No one who even remotely understands science would argue that we have a “good” understanding of dark matter. Even the name betrays how little we know. However, a new analysis using the aging Hubble Space Telescope suggests we know even less than we thought. Hubble’s analysis of dark matter shows more in places we didn’t expect, doing things we didn’t expect.
Dark matter is difficult to study because it does not produce, absorb or reflect electromagnetic radiation. For all intents and purposes, it is invisible to us. However, we can deduce the presence of dark matter based on its gravitational effects, and this is how the team led by Massimo Meneghetti of the National Institute of Astrophysics in Italy analyzed dark matter in 11 large clusters of galaxies.

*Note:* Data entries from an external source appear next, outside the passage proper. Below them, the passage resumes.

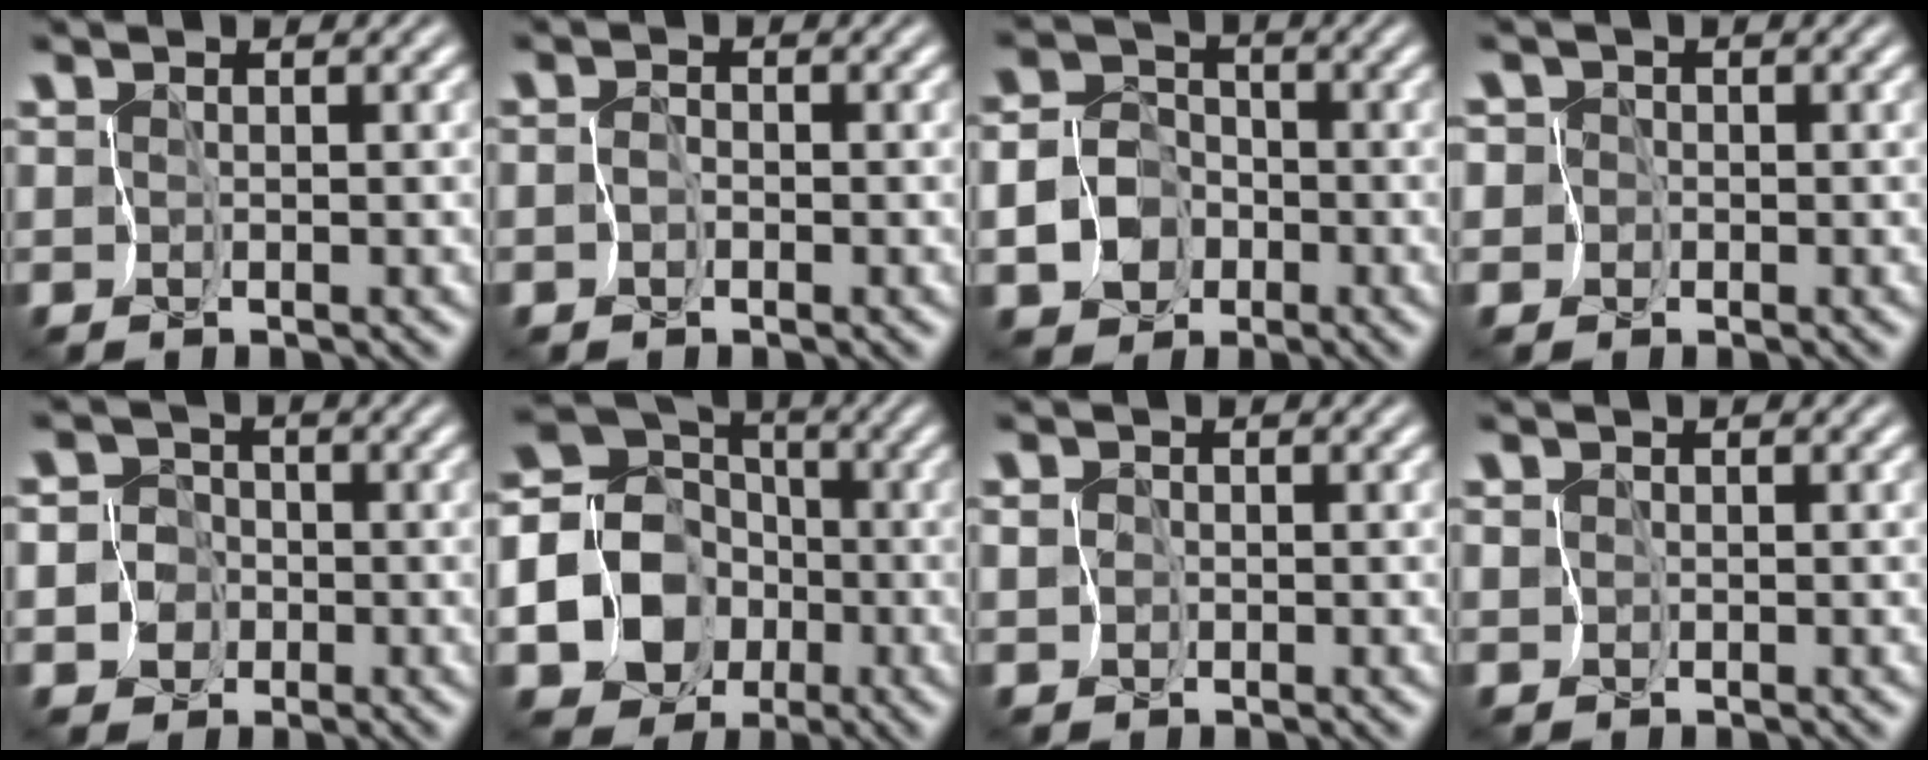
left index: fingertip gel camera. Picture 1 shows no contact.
{"total": 1.1, "force": [-0.6, 0.8, 0.2], "torque": [0.014, 0.004, -0.017]}
{"total": 7.9, "force": [-2.9, 6.9, 2.5], "torque": [-0.051, -0.011, -0.073]}
{"total": 4.8, "force": [-0.6, 4.6, 1.1], "torque": [-0.027, 0.022, -0.053]}
{"total": 8.1, "force": [-2.7, 7.5, 1.5], "torque": [-0.044, -0.002, -0.079]}
{"total": 16.5, "force": [-4.6, 14.8, 5.9], "torque": [-0.149, -0.002, -0.109]}
{"total": 1.7, "force": [-0.4, 1.6, 0.2], "torque": [0.006, 0.007, -0.018]}
{"total": 1.2, "force": [-0.1, 1.2, 0.2], "torque": [0.002, 0.010, -0.011]}

Scientists believe dark matter may explain most or all of the universe’s “missing mass”. It could represent a whopping 85 percent of the universe and we can’t see anything of it. If we ever want to understand dark matter, we have to start somewhere. The gravitational lens is as good a place as anywhere: Scientists were able to estimate the amount of dark matter in a region of space by comparing the predicted gravity of visible matter with the actual observed gravity. Light also cannot escape gravity, so areas filled with dark matter will exhibit gravitational lenses as light bends around them.
Meneghetti says galaxy clusters are the ideal place to study dark matter. The team generates simulations of the expected lens effects in the lab and then compares them to reality via Hubble. On a large scale, the models are accurate: the team saw the lenses around the cluster as expected. However, the study also revealed the lens around individual galaxies that wasn’t predicted in the model. This could mean that the amount of dark matter in those galaxies could be much higher than previously believed, by 10 times or more.
To confirm these results, the team conducted spectroscopic observations of the suspicious galaxies. The shifts in visible light have allowed scientists to calculate the speed of orbiting stars, which is one of the few ways we can measure dark matter. This analysis confirmed that there was much more dark matter than current models predict.
We still don’t know what that means, but any discrepancy between models and reality is an opportunity to improve the models. This could help us understand what dark matter is.